FDALogoThe FDA updated their website this morning with new guidance that indicates they intend to use enforcement discretion by not enforcing the dispenser requirements to accept and capture Transaction Information (TI),Transaction History (TH) and a Transaction Statement (TS) until November 1, 2015, a four month delay in enforcement.  The document indicates that the FDA’s decision to take this action was based on the fact that “…some dispensers have expressed concern that electronic systems used to exchange, capture, and maintain product tracing information will not be operational by this effective date.

The core of the guidance is found in the last few paragraphs:

“FDA does not intend to take action against dispensers who, prior to November 1, 2015, accept ownership of product without receiving the product tracing information, as required by section 582(d)(1)(A)(i) of the FD&C Act. This compliance policy does not extend to the requirements under section 582(b)(1), (c)(1), and (e)(1) that other trading partners (manufacturers, wholesale distributors, and repackagers) provide product tracing information to dispensers. In addition, this compliance policy does not extend to transactions in which dispensers must provide the subsequent owner with product tracing information, including transaction history, as required by section 582(d)(1)(A)(ii). If a dispenser has not received product tracing information prior to or at the time it takes ownership of a product, FDA recommends that the dispenser work with the previous owner to receive this information. FDA believes that product tracing information serves as an important tool for dispensers to meet their obligation under section 582(d)(4) to identify suspect product, quarantine the product, and investigate whether that product is illegitimate.

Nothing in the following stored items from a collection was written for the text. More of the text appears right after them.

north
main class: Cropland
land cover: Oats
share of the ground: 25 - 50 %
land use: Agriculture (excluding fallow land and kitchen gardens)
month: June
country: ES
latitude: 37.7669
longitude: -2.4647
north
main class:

“Prior to November 1, 2015, FDA also does not intend to take action against dispensers who do not capture and maintain the product tracing information, as required by section 582(d)(1)(A)(iii) of the FD&C Act.

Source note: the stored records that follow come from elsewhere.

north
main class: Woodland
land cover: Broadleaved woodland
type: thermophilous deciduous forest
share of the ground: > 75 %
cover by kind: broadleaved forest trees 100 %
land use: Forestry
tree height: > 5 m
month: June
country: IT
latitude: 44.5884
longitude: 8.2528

“This compliance policy does not extend to other requirements of the FD&C Act, including those in section 582, such as verification related to suspect and illegitimate product (including quarantine, investigation, notification and recordkeeping) and requirements related to engaging in transactions only with authorized trading partners.”

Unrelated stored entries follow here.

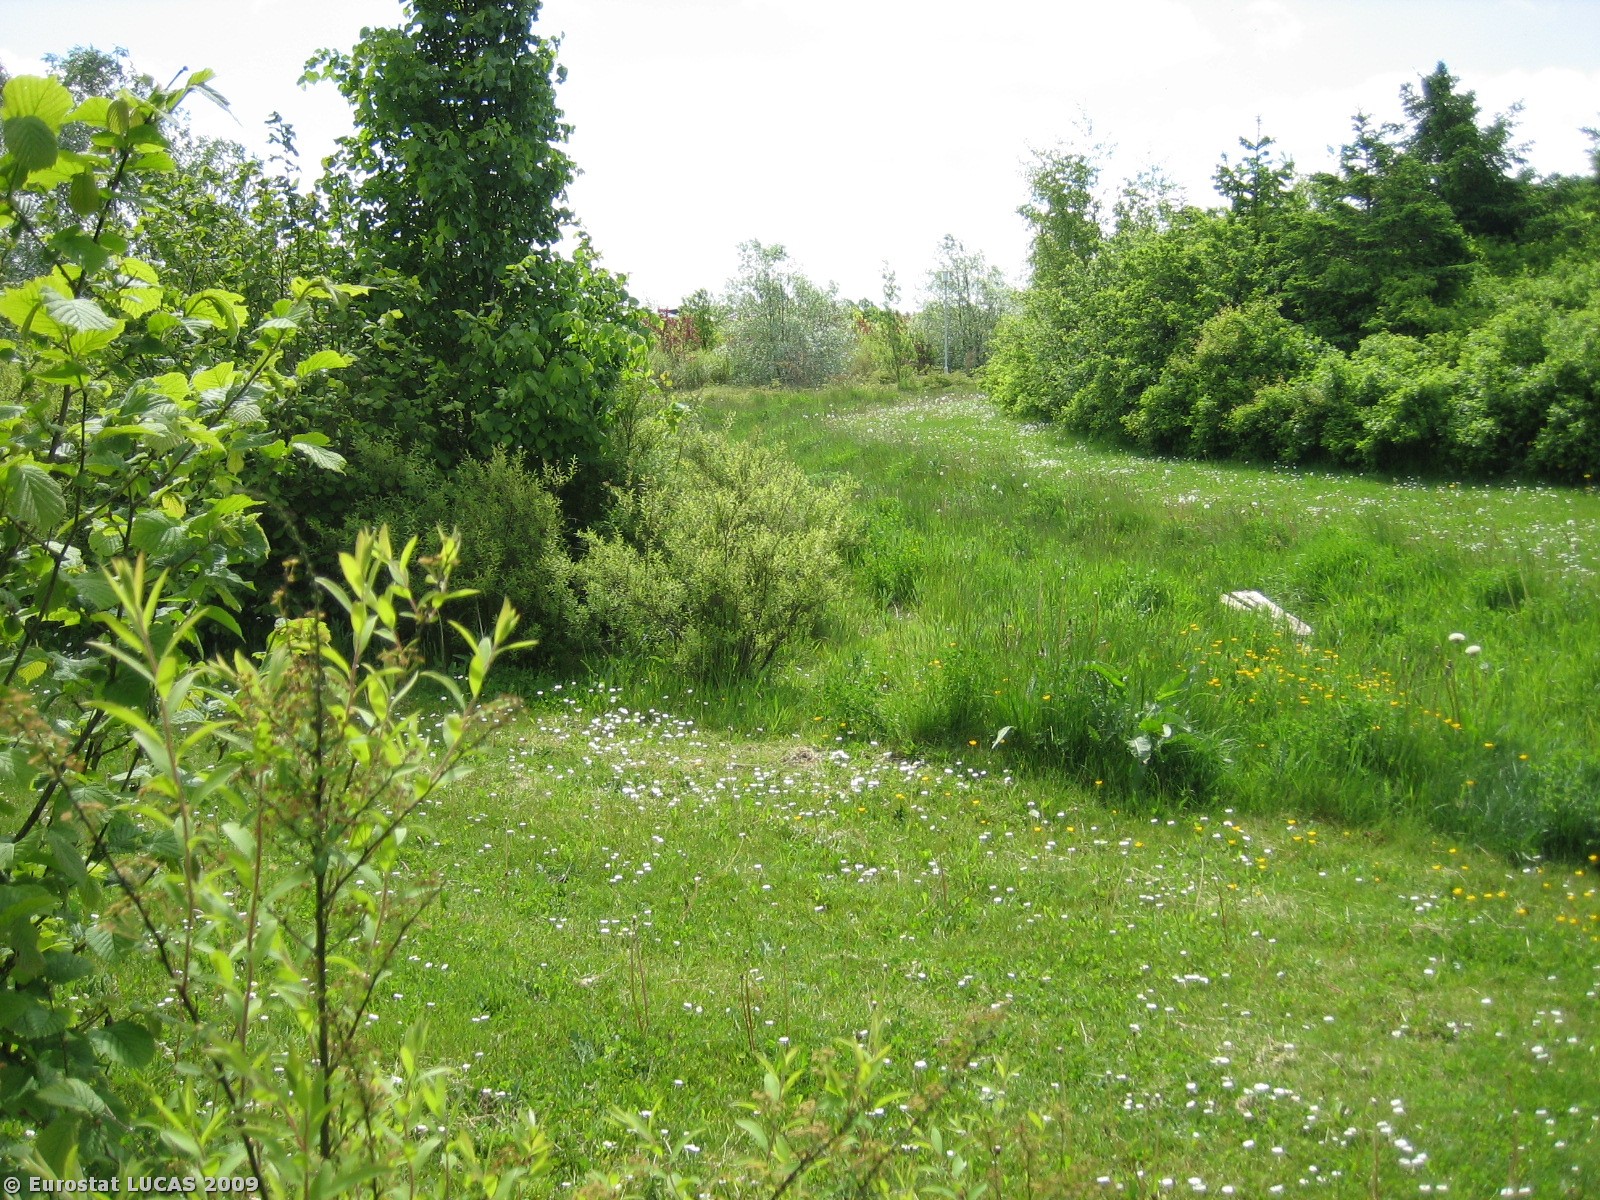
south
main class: Shrubland
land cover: Shrubland with sparse tree cover
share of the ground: > 75 %
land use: Amenities, museums, leisure
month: May
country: DK
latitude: 56.1118
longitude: 8.9880

The FDA also posted a new webinar recording entitled “DSCSA Updates and Readiness Check: Requirements for Dispensers and other Trading Partners Webinar“, dated July 2015.

I guess the FDA is able to pull together an action like this and get it approved in less than two weeks (see “Dispensers Make Last Minute Appeal for Delay in DSCSA Deadline”).  I’ll have more to say about this guidance and its implications in a future essay.